JRuby: Using Celluloid concurrency library to utilize full CPU multithreading and convert a large JSON file to CSV
In this tutorial I’ll demo some JRuby code that uses a fantastic concurrency library Celluloid, to utilize full CPU multithreading and convert a large JSON file to CSV. Celluloid really shines with implementations of Ruby that are not limited by the GIL like JRuby and Rubinius.
Created a Gemfile. Execute “bundle install” to install.
source 'https://rubygems.org'
gem 'celluloid'
I executed the following script to create a 1GB file consisting of JSON hashes with a randomized order of defined keys.
#!/usr/bin/env jruby
# require ruby libs
require 'securerandom'
require 'json'
# define a list of hash keys
known_fields = ['address_1', 'address_2', 'city', 'state', 'zip']
# define output file
file_name = 'big_file.txt'
# populate file
file = File.open(file_name, 'w')
while file.size <= 1073741824
data = {}
# randomize key order
known_fields.shuffle.each do |field|
data[field] = SecureRandom.hex
end
file.write(data.to_json + "\n")
end
file.close
I used the linux “split” command to chunk the 1GB file into 50k line files, prefixed with “_split_”.
split -l 50000 big_file.txt _split_
The following class includes the Celluloid library and implements methods to read a file, parse the JSON, convert the data to an array of known fields, and write to CSV.
#!/usr/bin/env jruby
# require ruby libs/gems
require 'celluloid'
require 'json'
require 'csv'
# define a list of hash keys
known_fields = ['address_1', 'address_2', 'city', 'state', 'zip']
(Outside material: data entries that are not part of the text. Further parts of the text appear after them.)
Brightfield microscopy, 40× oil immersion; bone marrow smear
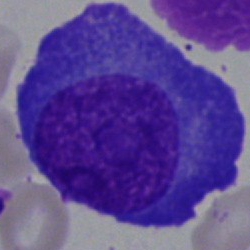 The cell is plasmacyte.
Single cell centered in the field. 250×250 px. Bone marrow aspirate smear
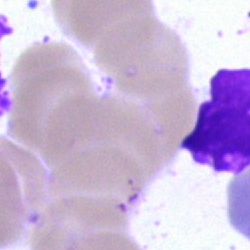 The morphological class is artefact.
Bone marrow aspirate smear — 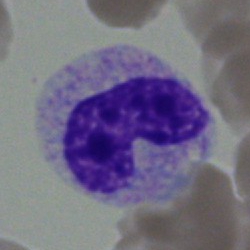

Showing a stab cell.
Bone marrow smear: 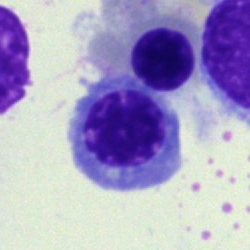 The cell shown is a normoblast.
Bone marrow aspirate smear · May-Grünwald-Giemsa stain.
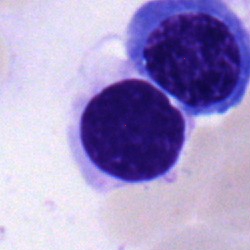 Morphology consistent with an erythroblast.
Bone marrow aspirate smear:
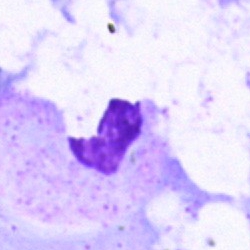Morphology → artifact.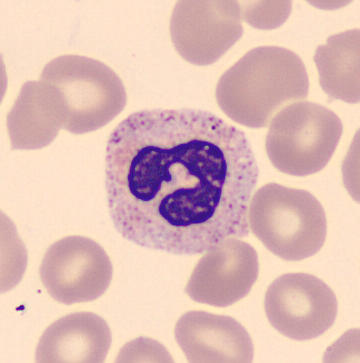 MGG stain · single-cell crop · peripheral blood film. Impression → segmented neutrophil.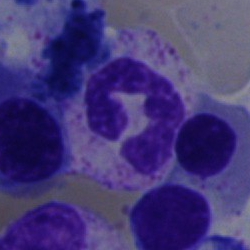

Q: What is shown here?
A: A segmented neutrophil.
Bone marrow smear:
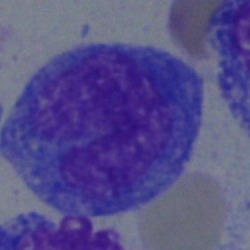
Showing a blast cell.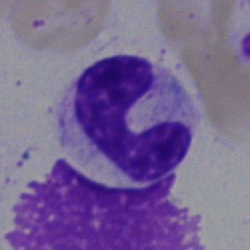
Specimen: bone marrow aspirate smear.
Cell type: band-form neutrophil.
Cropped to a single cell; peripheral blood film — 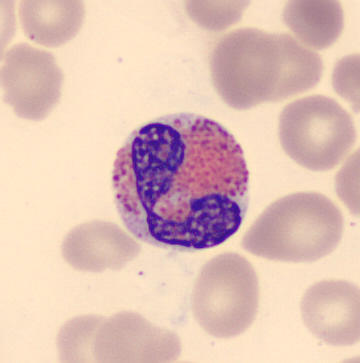
Morphological class = eosinophil.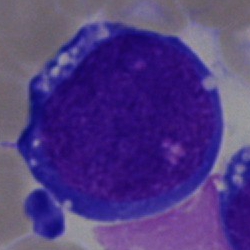

Cell type: blast cell.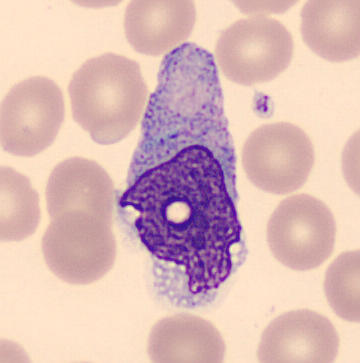 Classification = monocyte.
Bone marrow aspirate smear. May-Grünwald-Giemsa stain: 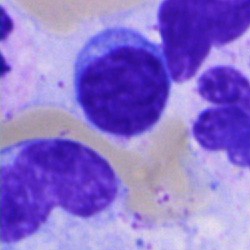
Specimen: bone marrow smear.
Cell: lymphocyte.
Lineage: lymphoid.
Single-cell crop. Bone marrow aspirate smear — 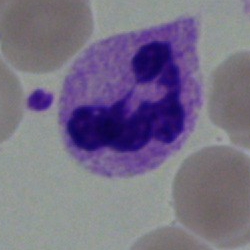
Cell type = segmented neutrophil.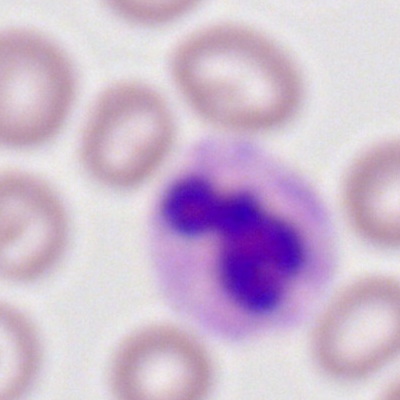 Q: What is shown here?
A: It is a polymorphonuclear neutrophil.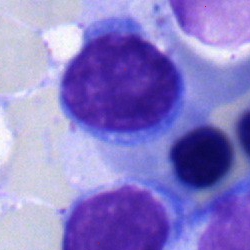Single cell identified as a typical lymphocyte.
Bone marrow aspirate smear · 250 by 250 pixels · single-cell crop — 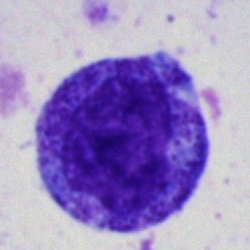
Q: Identify the cell.
A: This is a promyelocyte.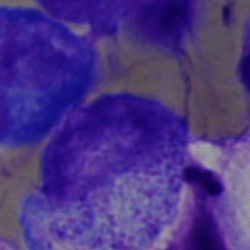Myelocyte.
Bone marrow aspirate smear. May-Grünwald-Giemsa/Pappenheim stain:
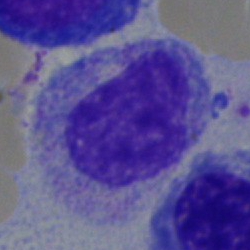Specimen: bone marrow aspirate smear.
Cell: myelocyte.
Lineage: myeloid.
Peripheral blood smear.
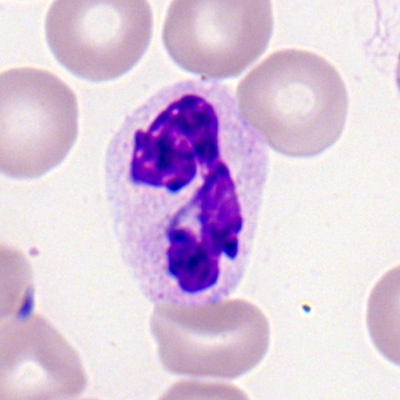Morphology consistent with a polymorphonuclear neutrophil.
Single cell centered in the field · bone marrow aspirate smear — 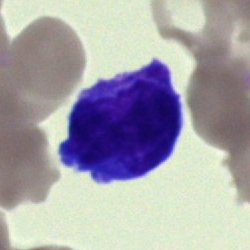 The cell shown is a blast.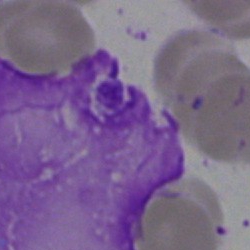

An artifact.
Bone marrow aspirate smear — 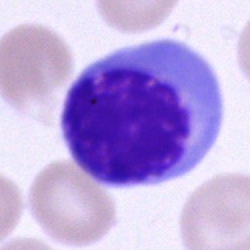
Q: What type of cell is this?
A: It is a nucleated red blood cell.
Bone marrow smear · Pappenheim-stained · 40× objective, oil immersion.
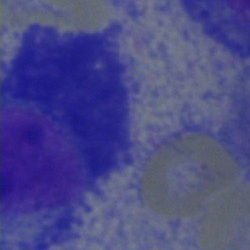Specimen: bone marrow aspirate smear.
Cell: plasma cell.
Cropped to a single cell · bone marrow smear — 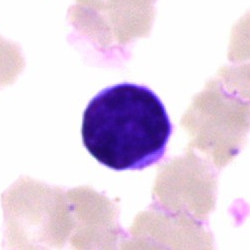
Impression — lymphocyte.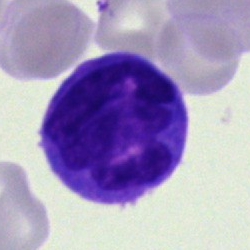Bone marrow aspirate smear, single cell — monocyte.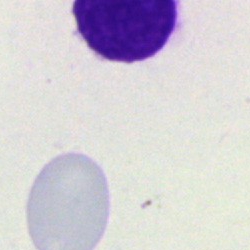{"cell_type": "artifact"}
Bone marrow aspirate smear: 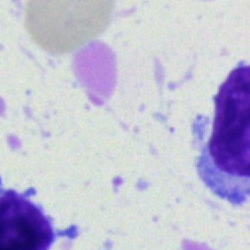
Specimen: bone marrow aspirate smear.
Cell type: artifact.
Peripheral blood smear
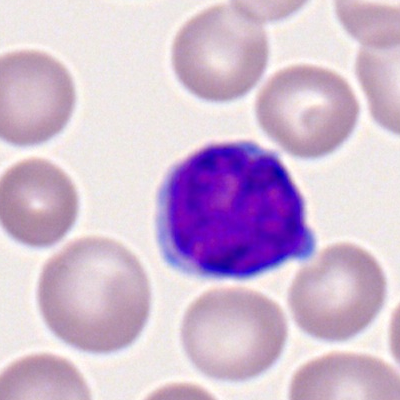

Specimen: peripheral blood smear.
Morphological class: typical lymphocyte.
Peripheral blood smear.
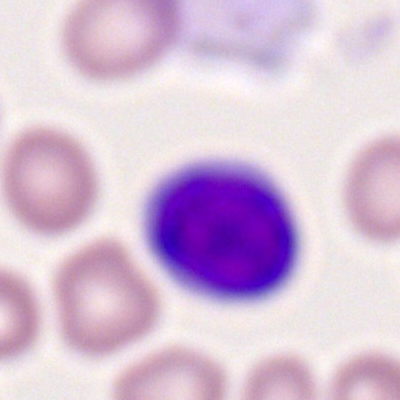 The cell shown is a typical lymphocyte.
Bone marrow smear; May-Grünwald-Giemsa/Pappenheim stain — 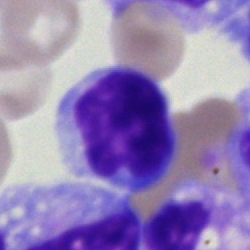 Q: Identify the cell.
A: This is a typical lymphocyte.
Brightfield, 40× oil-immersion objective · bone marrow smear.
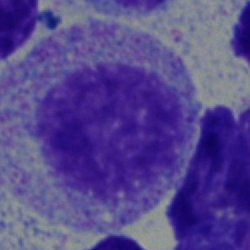 Impression → myelocyte.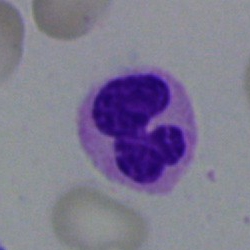

Impression — segmented neutrophil.
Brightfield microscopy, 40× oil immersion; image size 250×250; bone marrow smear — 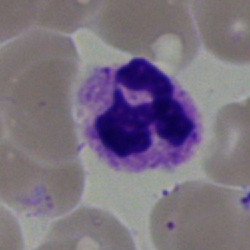The morphological class is segmented neutrophil.
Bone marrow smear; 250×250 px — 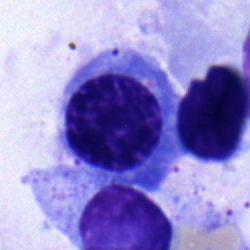 Impression — nucleated red cell.
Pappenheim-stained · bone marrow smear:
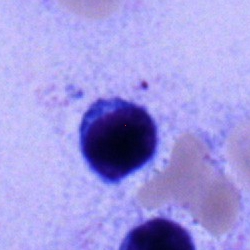 Specimen: bone marrow aspirate smear.
Cell type: typical lymphocyte.
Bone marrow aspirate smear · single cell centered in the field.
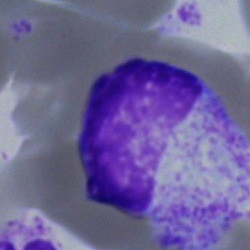

Classification — myelocyte.
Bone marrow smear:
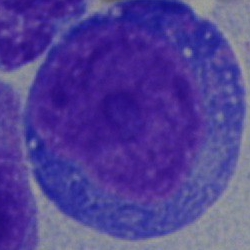 The classification is proerythroblast.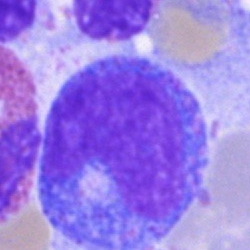
Specimen: bone marrow smear.
Morphological class: progranulocyte.
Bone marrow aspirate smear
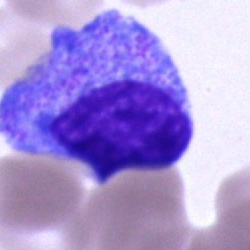The cell shown is a progranulocyte.
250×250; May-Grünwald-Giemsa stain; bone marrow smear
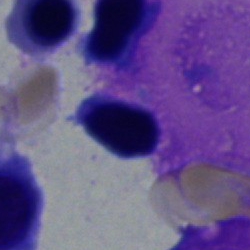Q: What is shown here?
A: This is a typical lymphocyte.
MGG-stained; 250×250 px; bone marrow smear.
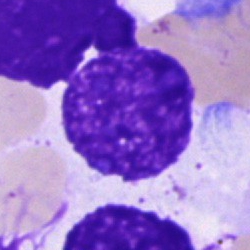
Cell: artefact.
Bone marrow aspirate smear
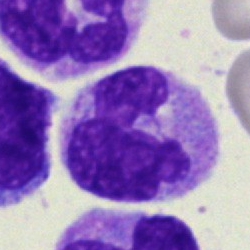

Classification: monocyte.
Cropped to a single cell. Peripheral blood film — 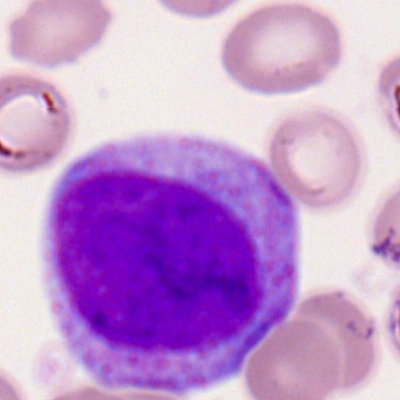
This is a promyelocyte.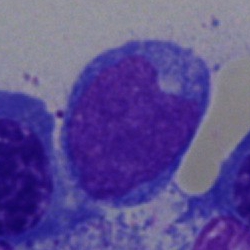Morphology consistent with a progranulocyte.
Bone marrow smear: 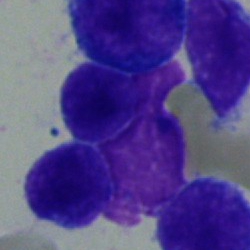
Cell — undifferentiated blast.
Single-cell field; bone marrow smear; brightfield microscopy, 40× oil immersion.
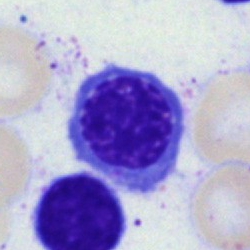Cell type — erythroblast.
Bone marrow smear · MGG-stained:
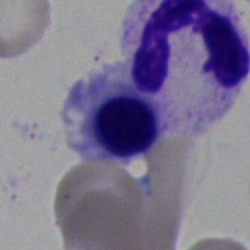

{"cell_type": "nucleated red blood cell", "lineage": "erythroid"}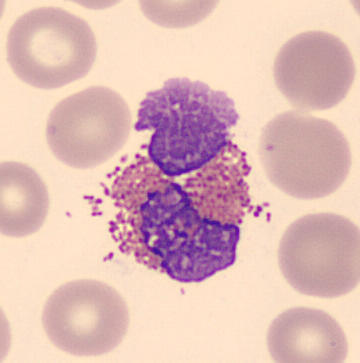 Morphological class = eosinophil.

Peripheral blood film.

split_file_prefix = "_split_"
# get a list of files to process
file_list = Dir.glob("#{split_file_prefix}*")
file_list.delete_if {|f| f =~ /\.csv$/}
raise "No files to process." if file_list.empty?
# define celluloid worker class
class Worker
# read the source/wiki. fibers/threads/magic.
include Celluloid
# main method to process file. read, convert, write.
def process_file(file_name=nil, known_fields=[])
# validation
raise "File name required." if file_name.nil? || file_name.empty?
raise "Known fields list required." if known_fields.nil? || known_fields.empty?
# do work
data = read_json_file(file_name, known_fields)
write_csv_file("#{file_name}.csv", data)
true
end
private
# read JSON file, iterate lines, convert each JSON to array
def read_json_file(file_name, known_fields)
raise "File does not exist: #{file_name}" unless File.exists?(file_name)
ret = []
File.open(file_name, "r") do |f|
f.each_line do |line|
result = json_line_to_array(line, known_fields)
ret << result unless result.nil?
end
end
ret
end
# take a json string, parse, collect known fields data
def json_line_to_array(line=nil, known_fields)
return nil if line.nil?
begin
json_data = JSON.parse(line)
rescue
return nil
end
ret = []
known_fields.each do |field|
if json_data.has_key?(field)
ret << json_data[field]
else
ret << nil
end
end
ret
end
# write out array of fields to CSV
def write_csv_file(file_name, data)
raise "Data invalid" if data.nil? || data.empty?
CSV.open(file_name, "a") do |csv|
data.each {|d| csv << d}
end
end
end
# define worker pool
pool = Worker.pool
# iterate/process files
futures = file_list.map do |file|
pool.future.process_file(file, known_fields)
end
futures.map(&:value)
As you can see in the above class, there is no mention of fibers, threads, or java.util.concurrent; just: include Celluloid. In this example, I chose to implement a Celluloid pool which uses the futures method to queue tasks.
Execute the above script and you’ll notice via Java VisualVM (jvisualvm) and Activity Monitor full CPU core utilization. Get your money’s worth out of your multi-core system.